Black women forced to choose between abortion and rent in post-Dobbs America

Jenice Fountain has seen women forced to make seemingly impossible choices.

“I’ve noticed people using the last of their last to get out of state,” Fountain tells theGrio. “And if they’re not, they’re just like, well, I have to birth now.”

As a reproductive justice advocate based in Alabama, Fountain has a front row to America in the era of post-Dobbs v. Jackson Women’s Health Organization, in which two years ago, the Supreme Court struck down the right to an abortion. Despite being legal since Roe v. Wade in 1973, abortion care is banned or severely restricted in nearly half of the country’s 50 states.

Alabama is one of 14 states that has enacted total abortion bans, forcing people in one of the nation’s poorest states to travel for the procedure and sometimes choose between covering essential needs and their future.

“On a community level, I’m hearing people say, well, yeah, I got care. But I went to Georgia first, and then I went to Ohio.
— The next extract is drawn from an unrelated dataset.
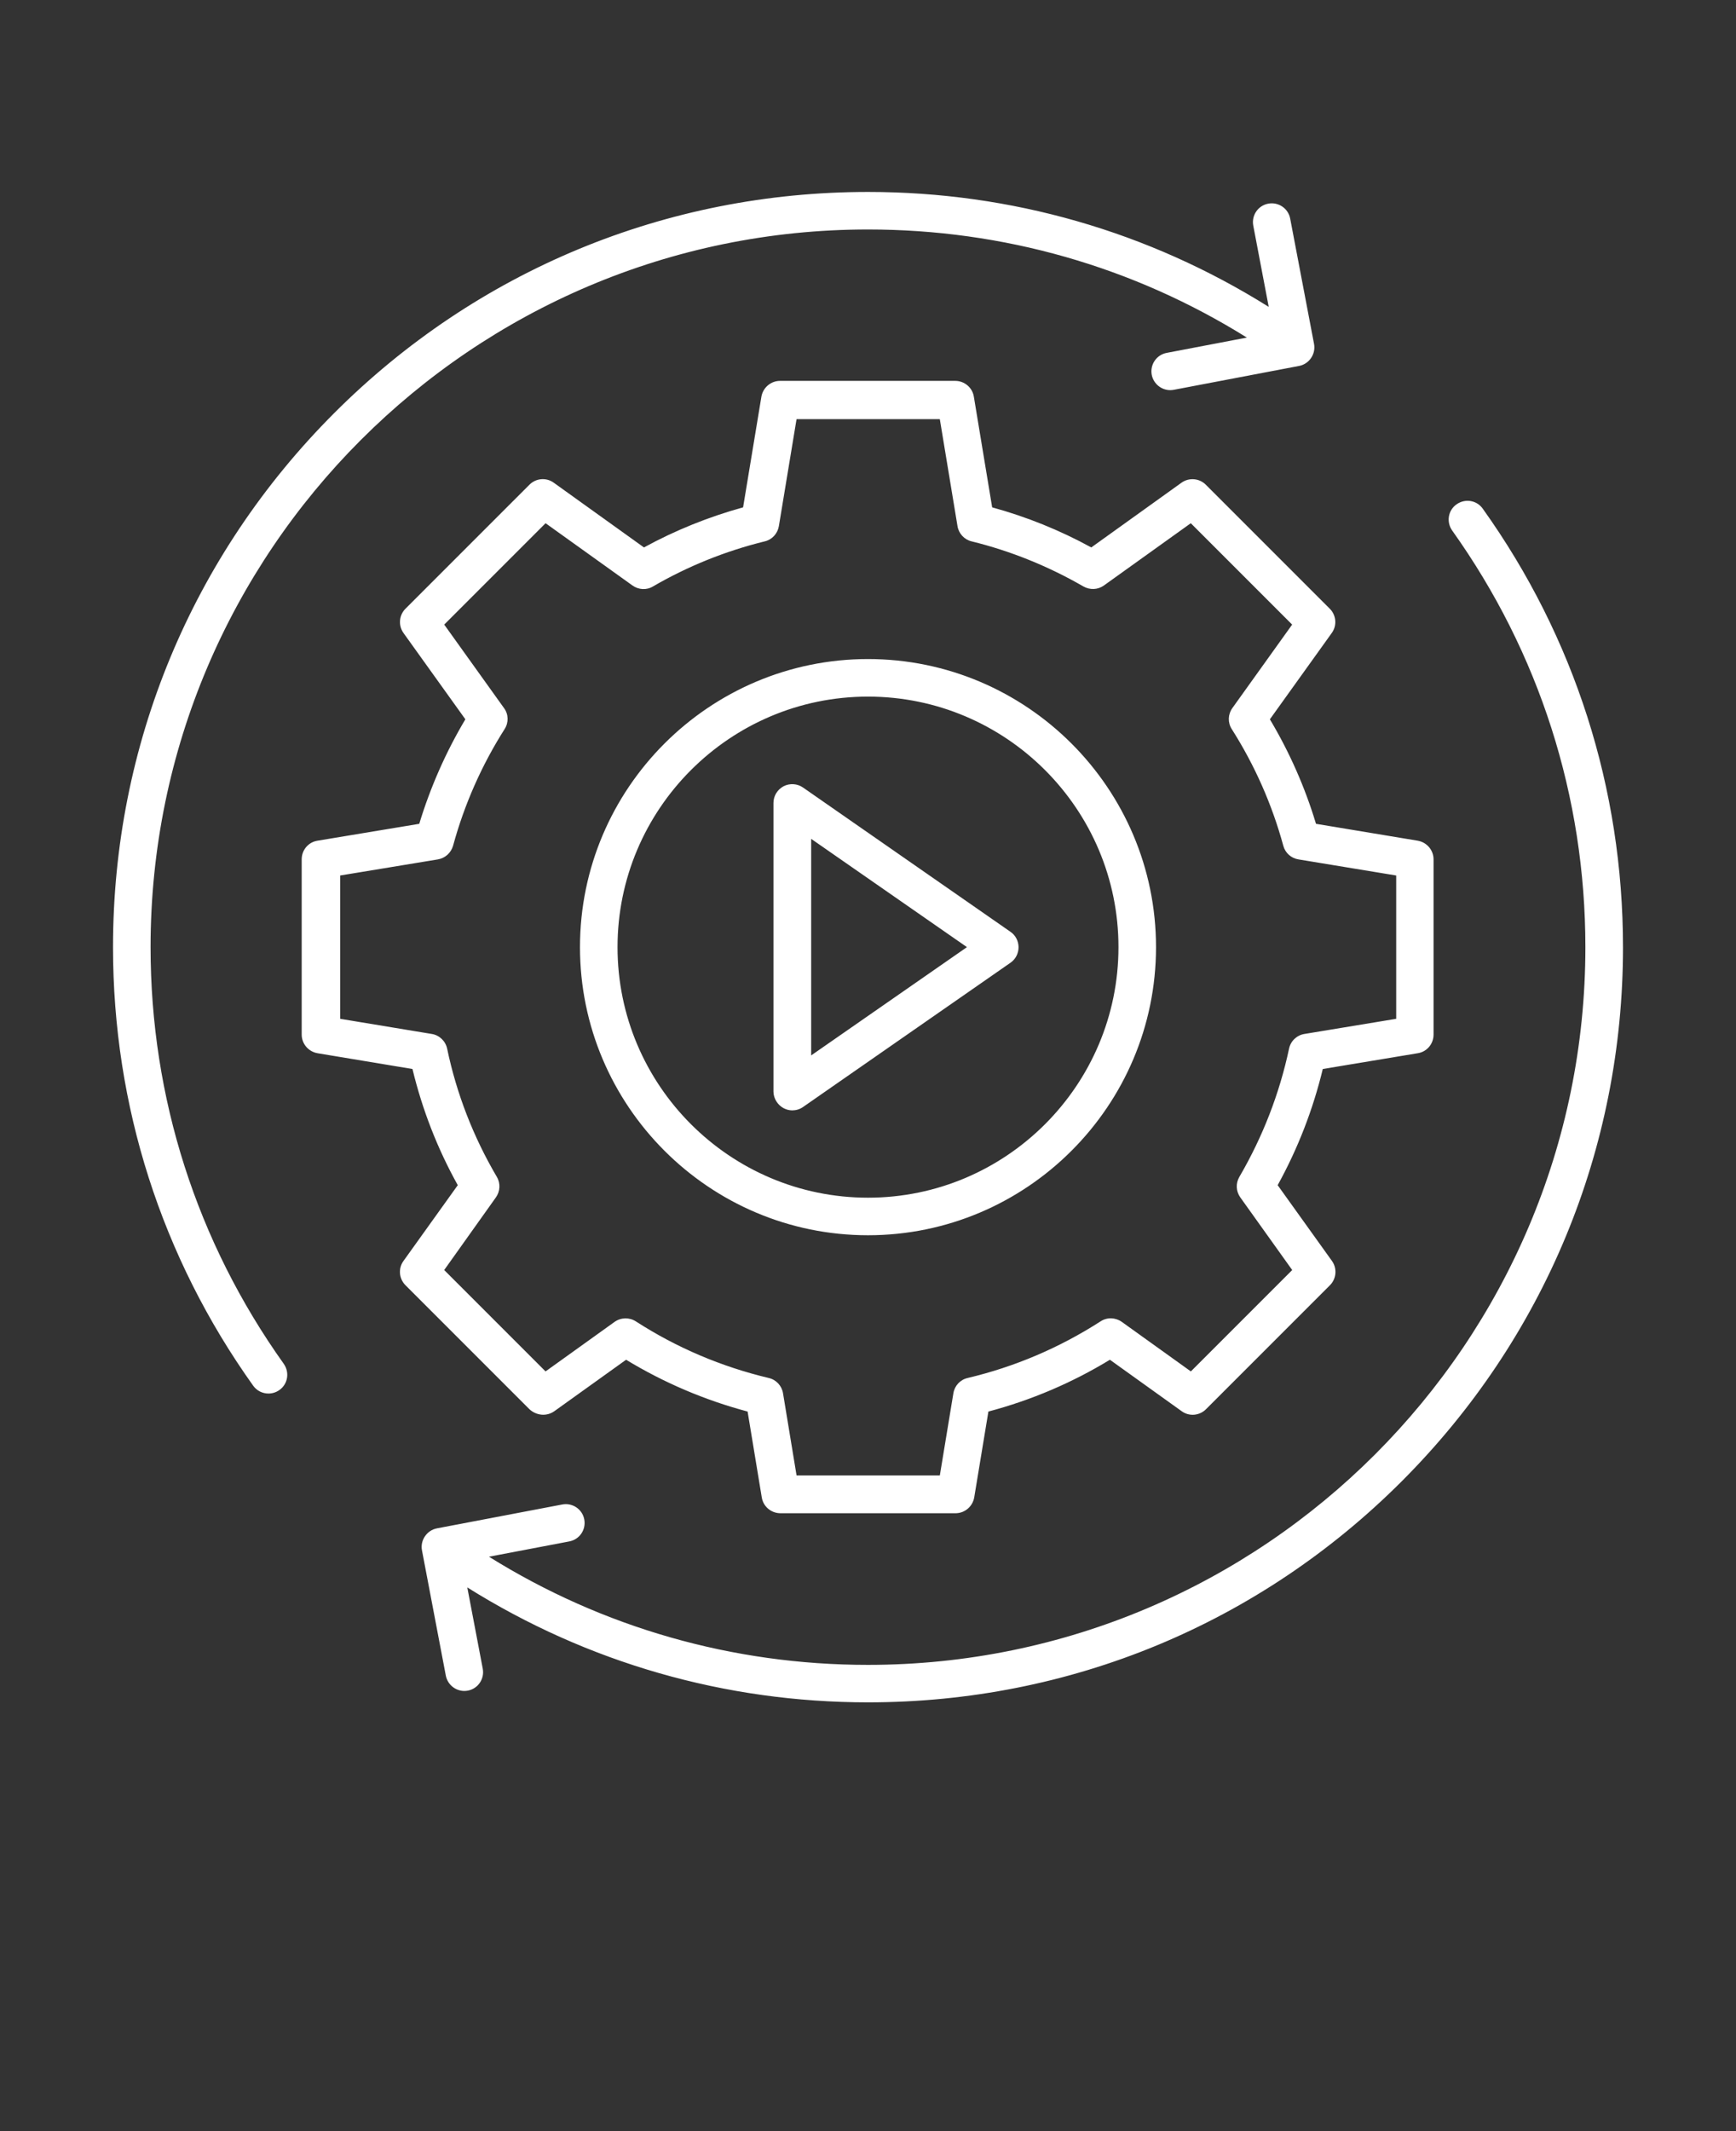 <svg fill="white"  xmlns="http://www.w3.org/2000/svg" version="1.1" viewBox="-5.0 -10.0 110.0 135.0">
 <rect x="-5.0" y="-10.0" width="110.0" height="135.0" fill="#333333" stroke="none"/>
 <path d="m30.121 79.398 4.551-3.262c2.41 1.461 4.988 2.559 7.699 3.281l0.898 5.441c0.09 0.57 0.59 1 1.18 1h11.102c0.578 0 1.078-0.422 1.18-1l0.898-5.441c2.711-0.719 5.301-1.82 7.699-3.281l4.551 3.262c0.469 0.34 1.121 0.289 1.539-0.129l7.852-7.852c0.41-0.41 0.469-1.059 0.129-1.539l-3.441-4.801c1.281-2.32 2.238-4.789 2.859-7.359l6.019-1c0.578-0.09 1-0.59 1-1.18v-11.102c0-0.578-0.422-1.078-1-1.18l-6.449-1.07c-0.699-2.32-1.68-4.539-2.922-6.621l3.922-5.469c0.34-0.469 0.289-1.121-0.129-1.539l-7.852-7.852c-0.41-0.41-1.059-0.469-1.539-0.129l-5.719 4.102c-1.988-1.09-4.102-1.941-6.281-2.539l-1.16-7.012c-0.09-0.57-0.59-1-1.18-1h-11.102c-0.578 0-1.078 0.422-1.18 1l-1.16 7.012c-2.18 0.602-4.289 1.449-6.281 2.539l-5.719-4.102c-0.469-0.34-1.121-0.289-1.539 0.129l-7.852 7.852c-0.41 0.41-0.469 1.059-0.129 1.539l3.922 5.469c-1.238 2.078-2.219 4.309-2.922 6.621l-6.449 1.07c-0.578 0.09-1 0.59-1 1.18v11.102c0 0.578 0.422 1.078 1 1.18l6.019 1c0.621 2.57 1.578 5.039 2.871 7.359l-3.441 4.801c-0.34 0.469-0.289 1.121 0.129 1.539l7.852 7.852c0.441 0.41 1.094 0.469 1.574 0.129zm-3.699-13.547c0.27-0.379 0.301-0.891 0.059-1.301-1.488-2.531-2.551-5.262-3.148-8.121-0.102-0.48-0.488-0.852-0.969-0.93l-5.809-0.961v-9.078l6.191-1.02c0.461-0.078 0.828-0.41 0.961-0.859 0.711-2.609 1.809-5.102 3.269-7.398 0.262-0.41 0.25-0.941-0.039-1.328l-3.789-5.289 6.422-6.422 5.512 3.949c0.379 0.27 0.891 0.301 1.289 0.059 2.219-1.289 4.609-2.25 7.09-2.859 0.461-0.109 0.809-0.488 0.891-0.961l1.121-6.781h9.078l1.121 6.781c0.078 0.469 0.43 0.852 0.891 0.961 2.481 0.609 4.871 1.578 7.09 2.859 0.41 0.23 0.91 0.211 1.289-0.059l5.512-3.949 6.422 6.422-3.789 5.289c-0.281 0.391-0.301 0.922-0.039 1.328 1.461 2.301 2.559 4.789 3.269 7.398 0.121 0.449 0.5 0.789 0.961 0.859l6.191 1.02v9.078l-5.82 0.961c-0.48 0.078-0.871 0.449-0.969 0.93-0.609 2.859-1.672 5.59-3.148 8.121-0.238 0.41-0.219 0.91 0.059 1.301l3.289 4.602-6.422 6.422-4.379-3.141c-0.398-0.281-0.93-0.301-1.34-0.031-2.602 1.672-5.43 2.879-8.43 3.59-0.469 0.109-0.82 0.488-0.898 0.961l-0.859 5.211h-9.078l-0.859-5.211c-0.078-0.469-0.43-0.852-0.898-0.961-2.988-0.711-5.828-1.91-8.43-3.59-0.41-0.262-0.941-0.25-1.34 0.031l-4.379 3.141-6.422-6.422zm23.578 2.398c10.059 0 18.25-8.191 18.25-18.25s-8.191-18.25-18.25-18.25-18.25 8.191-18.25 18.25 8.191 18.25 18.25 18.25zm0-34.121c8.75 0 15.871 7.121 15.871 15.871s-7.121 15.871-15.871 15.871-15.871-7.121-15.871-15.871 7.121-15.871 15.871-15.871zm47.84 15.871c0 12.781-4.981 24.789-14.012 33.828-9.039 9.043-21.047 14.012-33.828 14.012-9.059 0-17.781-2.512-25.391-7.281l0.98 5.148c0.121 0.648-0.301 1.27-0.949 1.391-0.078 0.012-0.148 0.02-0.219 0.02-0.559 0-1.059-0.398-1.172-0.969l-1.512-7.941c-0.059-0.309 0.012-0.629 0.191-0.891 0.18-0.262 0.449-0.441 0.762-0.5l7.941-1.512c0.648-0.121 1.27 0.301 1.391 0.949 0.121 0.648-0.301 1.27-0.949 1.391l-5.09 0.969c7.199 4.488 15.441 6.852 24.012 6.852 25.07 0 45.461-20.391 45.461-45.461 0-9.539-2.922-18.66-8.441-26.398-0.379-0.539-0.262-1.281 0.281-1.66 0.539-0.379 1.281-0.262 1.66 0.281 5.812 8.133 8.883 17.734 8.883 27.773zm-84.859 26.398c0.379 0.539 0.262 1.281-0.281 1.66-0.211 0.148-0.449 0.219-0.691 0.219-0.371 0-0.738-0.172-0.969-0.5-5.809-8.137-8.879-17.738-8.879-27.777 0-12.781 4.981-24.789 14.012-33.828 9.039-9.043 21.047-14.012 33.828-14.012 9.07 0 17.781 2.512 25.391 7.281l-0.98-5.148c-0.121-0.648 0.301-1.27 0.949-1.391s1.27 0.301 1.391 0.949l1.512 7.941c0.059 0.309-0.012 0.629-0.191 0.891-0.18 0.262-0.449 0.441-0.762 0.5l-7.941 1.512c-0.078 0.012-0.148 0.02-0.219 0.02-0.559 0-1.059-0.398-1.172-0.969-0.121-0.648 0.301-1.27 0.949-1.391l5.078-0.969c-7.195-4.488-15.434-6.848-24.004-6.848-25.07 0-45.461 20.391-45.461 45.461 0 9.539 2.922 18.66 8.441 26.398zm31.668-16.199c0.172 0.09 0.359 0.141 0.551 0.141 0.238 0 0.48-0.07 0.68-0.211l13.148-9.141c0.32-0.219 0.512-0.59 0.512-0.98 0-0.391-0.191-0.762-0.512-0.98l-13.148-9.141c-0.359-0.25-0.84-0.281-1.23-0.078-0.391 0.211-0.641 0.609-0.641 1.059v18.281c0.004 0.43 0.254 0.84 0.641 1.051zm1.75-17.059 9.871 6.859-9.871 6.859z"/>
</svg>

And so now my rent isn’t paid, and I don’t know where I’m gonna live,” said Fountain. “If my client’s homeless now because they had to go get an abortion, I don’t really see that as a win.”

As the executive director of the Yellowhammer Fund, Fountain works to provide financial support and resources to communities for reproductive justice. Reproductive justice is a framework developed by Black women activists in the 1990s that focuses not just on procedures, like terminating a pregnancy, but more broadly supporting their right to have children or not have children in safe and healthy environments.

But ever since Roe v. Wade was overturned two years ago, Fountain has seen the fundamental idea of reproductive justice be challenged in tangible ways, particularly for marginalized groups. Alabama’s Black population surpasses the national average, with Black people making up one-fourth of the entire state (more than 25%). Fountain said in a state that once sparked the civil rights movement with the Birmingham bus boycott and faced a history of brutally racist attacks and violence, there is a sense of despair that has led many women to feel that when faced with an unintended pregnancy, they have no choice but to move forward.

“I’m seeing people saying, well, we’re in Alabama. We’re used to another added layer of oppression, so we’re just gonna birth now. Where can I birth safely? Where can I get resources for that?” Fountain shared.

Fountain says the work of this era is not just about funding abortions but thinking holistically about supporting people, especially marginalized groups, who find themselves in the crosshairs of state institutions once they give birth and struggle to make ends meet.

Abortion rights activists rallied outside the U.S. Supreme Court on April 15, 2024, in Washington, D.C. (Photo by Probal Rashid/LightRocket via Getty Images)

“We had to create a legal fund because most of the legal funds that we were able to connect with wanted to support people if they’re criminalized for getting [an abortion] out of state,” she said. “But we’re saying, ‘Hey, they need legal support because the Department of Human Resources is involved now for this pregnancy they would have otherwise terminated – but now they’re trying to separate their family.”

The Yellowhammer Fund is also engaged in a lawsuit against Alabama Attorney General Steve Marshall after he threatened to prosecute anyone who helped a pregnant individual get an abortion out of state. Despite attempts to get the lawsuit tossed, a federal judge ruled last month that Yellowhammer Fund’s lawsuit may go forward.

The organization said the threat of criminal prosecution was enough to intimidate them into pausing their work and encroach on their freedom of speech. Numerous civil rights groups agree and are supporting their efforts.

“If Attorney General Marshall can criminalize speech and assistance related to abortion, more pregnant people will struggle to find out-of-state care and the financial and logistical support they need to obtain such care without the expertise and insights of their chosen health care provider,” said Alison Mollman, the legal director of the ACLU of Alabama in a statement after last month’s ruling.

“This could have deadly consequences for Alabamians, who are residing in a state that has one of the highest maternal mortality rates in the nation, and particularly for Black women, who make up a disproportionate share of maternal deaths,” she continued.

It’s this harsh reality that makes Fountain challenge reproductive rights supporters to do more than donate to abortion funds.

“If we do this work, and we call it reproductive justice work or even abortion advocacy, it has to look like really supporting people in their needs around their care,” she said. “Because not everyone gets out of state. That’s just the reality.”